Марианна сказала мне, когда мы по телефону гадали об убийцах: «А баба Вера говорит: Господь взял его к Себе». 
«И когда вознесен буду от земли, всех привлеку к Себе». 
И был восхищен на небо (как Илия).
Мише — на жалобу, что нет сил: «Надо жить так, как будто они есть. А когда они кончаются — просто падать». Шёл в час молитвы. «Я был в духе в день воскресный». В час молитвы и был взят на небо (под ручки: Елена Александровна, Елена Семёновна). Здесь остались: Маруся, Вера. «Не рыдай Мене...» 
Мария Витальевна, с безошибочностью старого зэка: «Это КГБ». 
«И в тот день вы не спросите Меня ни о чём». Отец Александр на нашей кухне. Переполняющее счастье — несчастье от невозможности — полноты: о чём? Нет вопросов. Есть: присутствие, он здесь и убегающее время, ибо он неминуемо уйдёт. 
Он дарил часы. И светильники.
Мне — Крест, без головы, в кровавом нимбе. «Ты художница, отреставрируешь». Брату — Усекновенная Глава Иоанна Предтечи на блюде — из икон Елены Семёновны, одна из любимых ею.

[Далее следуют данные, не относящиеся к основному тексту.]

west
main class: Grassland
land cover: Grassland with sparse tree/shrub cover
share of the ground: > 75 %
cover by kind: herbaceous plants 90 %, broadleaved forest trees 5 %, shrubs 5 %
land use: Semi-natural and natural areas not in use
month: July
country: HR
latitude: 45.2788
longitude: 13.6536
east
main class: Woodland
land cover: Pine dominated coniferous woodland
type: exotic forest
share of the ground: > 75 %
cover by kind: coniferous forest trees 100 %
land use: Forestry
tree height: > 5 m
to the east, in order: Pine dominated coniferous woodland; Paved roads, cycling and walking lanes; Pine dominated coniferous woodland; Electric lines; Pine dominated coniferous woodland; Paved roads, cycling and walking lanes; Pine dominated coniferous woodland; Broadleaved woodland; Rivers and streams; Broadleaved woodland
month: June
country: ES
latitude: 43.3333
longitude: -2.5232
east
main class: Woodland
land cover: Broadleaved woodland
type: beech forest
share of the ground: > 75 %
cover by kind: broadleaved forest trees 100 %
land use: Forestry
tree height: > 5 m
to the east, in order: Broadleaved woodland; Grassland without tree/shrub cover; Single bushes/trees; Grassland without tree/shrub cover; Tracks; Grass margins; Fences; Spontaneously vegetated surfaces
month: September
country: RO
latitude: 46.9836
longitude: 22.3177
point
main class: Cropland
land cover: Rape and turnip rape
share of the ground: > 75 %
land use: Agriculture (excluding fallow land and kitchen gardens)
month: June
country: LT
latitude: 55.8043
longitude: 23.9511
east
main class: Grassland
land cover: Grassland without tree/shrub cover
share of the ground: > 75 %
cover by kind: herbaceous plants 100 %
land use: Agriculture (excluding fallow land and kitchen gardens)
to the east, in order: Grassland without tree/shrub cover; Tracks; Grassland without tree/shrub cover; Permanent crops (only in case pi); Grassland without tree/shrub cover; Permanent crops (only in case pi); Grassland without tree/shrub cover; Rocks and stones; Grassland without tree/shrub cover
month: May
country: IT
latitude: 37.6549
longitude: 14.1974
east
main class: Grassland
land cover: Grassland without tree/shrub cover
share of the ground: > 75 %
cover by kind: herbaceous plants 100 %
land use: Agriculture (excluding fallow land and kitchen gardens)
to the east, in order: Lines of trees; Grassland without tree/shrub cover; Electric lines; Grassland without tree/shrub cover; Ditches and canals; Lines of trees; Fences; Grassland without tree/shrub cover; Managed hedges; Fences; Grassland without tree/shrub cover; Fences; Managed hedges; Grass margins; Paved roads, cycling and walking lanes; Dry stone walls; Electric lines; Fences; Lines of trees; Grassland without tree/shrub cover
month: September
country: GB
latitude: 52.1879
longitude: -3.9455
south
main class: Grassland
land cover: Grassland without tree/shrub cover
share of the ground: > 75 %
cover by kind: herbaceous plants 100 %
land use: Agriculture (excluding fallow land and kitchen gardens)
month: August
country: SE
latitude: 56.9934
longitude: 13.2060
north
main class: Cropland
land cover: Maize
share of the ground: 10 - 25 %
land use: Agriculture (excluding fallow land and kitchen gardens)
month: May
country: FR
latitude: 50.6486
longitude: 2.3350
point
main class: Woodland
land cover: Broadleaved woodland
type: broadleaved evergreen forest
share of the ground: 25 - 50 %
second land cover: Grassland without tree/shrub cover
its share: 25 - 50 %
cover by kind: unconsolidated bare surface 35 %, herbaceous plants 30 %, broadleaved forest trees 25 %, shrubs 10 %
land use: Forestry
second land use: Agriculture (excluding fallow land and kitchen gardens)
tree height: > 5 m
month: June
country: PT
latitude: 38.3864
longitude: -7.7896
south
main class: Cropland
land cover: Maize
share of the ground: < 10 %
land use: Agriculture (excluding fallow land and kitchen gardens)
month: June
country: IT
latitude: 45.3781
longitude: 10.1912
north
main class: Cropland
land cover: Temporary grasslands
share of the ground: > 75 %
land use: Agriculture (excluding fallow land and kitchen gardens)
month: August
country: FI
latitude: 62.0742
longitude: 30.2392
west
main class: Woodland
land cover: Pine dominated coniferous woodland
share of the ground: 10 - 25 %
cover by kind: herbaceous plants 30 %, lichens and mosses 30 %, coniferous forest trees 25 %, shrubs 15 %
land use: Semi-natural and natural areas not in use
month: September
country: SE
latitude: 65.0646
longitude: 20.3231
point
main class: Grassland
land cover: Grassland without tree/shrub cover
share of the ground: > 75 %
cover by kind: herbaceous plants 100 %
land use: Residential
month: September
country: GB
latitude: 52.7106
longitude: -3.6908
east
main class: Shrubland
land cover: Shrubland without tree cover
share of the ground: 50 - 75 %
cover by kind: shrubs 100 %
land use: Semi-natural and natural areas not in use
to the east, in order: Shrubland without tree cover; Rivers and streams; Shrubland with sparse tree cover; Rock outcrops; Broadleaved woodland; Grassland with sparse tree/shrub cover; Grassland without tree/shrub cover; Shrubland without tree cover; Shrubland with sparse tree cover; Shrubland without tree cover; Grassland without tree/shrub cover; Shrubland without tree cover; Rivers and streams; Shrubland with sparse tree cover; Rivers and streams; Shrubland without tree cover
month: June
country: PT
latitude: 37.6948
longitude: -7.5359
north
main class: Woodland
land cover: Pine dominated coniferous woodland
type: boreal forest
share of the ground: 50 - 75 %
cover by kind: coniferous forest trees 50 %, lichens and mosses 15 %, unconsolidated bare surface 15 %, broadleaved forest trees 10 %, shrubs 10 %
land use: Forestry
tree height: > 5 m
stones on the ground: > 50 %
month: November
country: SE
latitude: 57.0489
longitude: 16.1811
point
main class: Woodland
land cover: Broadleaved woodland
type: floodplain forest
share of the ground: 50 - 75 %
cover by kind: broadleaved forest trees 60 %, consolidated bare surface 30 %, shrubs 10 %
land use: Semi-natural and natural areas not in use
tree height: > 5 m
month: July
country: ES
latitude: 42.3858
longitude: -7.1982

Сестра Иоанна (Юлия Николаевна Рейтлингер): первая написанная ею икона — с натуры, со спящего отца Сергия Булгакова: усекновенная глава Иоанна Крестителя. 
И сама она — «Страстная Иоанна» — пострижение в день Усекновения Главы.
«Разделиша ризы моя себе и о одежде моей меташа жребий».
Прореки нам, Христос, кто ударил Тебя? 
Теперь ваше время и власть тьмы.
Осень набирала силу, и листья окрашивались кровью. Это было неотвязно, как наваждение. Я видела кровь повсюду — особенно в мраморных прожилках метро (и особенно — на станции «Комсомольская»).
И тьма настала по всей земле до часа девятого. Когда он пробьёт, этот девятый час?
«Кровавый туман застилает мне глаза». Воздух пропитан кровью, трудно дышать.
Кровь — взыщется.
«До крови Захарии, убитого между храмом и жертвенником».
«Царя ли вашего распну?»
Конечно, Царь.
Из последней лекции: «А вы за кого почитаете Меня?

Имя Александр означает — защитник людей.
9 сентября хорошим маршем на Москву двигались несколько поднятых по тревоге дивизий из Тулы и Пскова, в полном боевом снаряжении, 60 самолётов летели на старый аэродром в районе метро «Полежаевская». Шли отряды ОМОН. Я прочла об этом уже в январе, случайно (нет привычки читать газеты). Но тогда, когда отец был убит, у меня была абсолютная уверенность в том, что своей смертью он заслонил нас от чего-то, надвигавшегося на город. Не было иной возможности предотвратить это. Итак: по тревоге — значит, ночью. Бодрым маршем идут на Москву убийцы. Рассвет. Мы все — приход — спим — кто где: пыль столбом по всей Европе, многие путешествуют загранично. Он — один. Тропа. Широкополая чудесная шляпа его — дразнилка для убийц. «Удар нанесён через головной убор». И потом — снова пустая тропа. И окровавленные очки на обочине. Может быть, ему дали прочесть приговор?
Плач о Иерусалиме. 
«...И вы не захотели! Се, оставляется вам дом ваш пуст».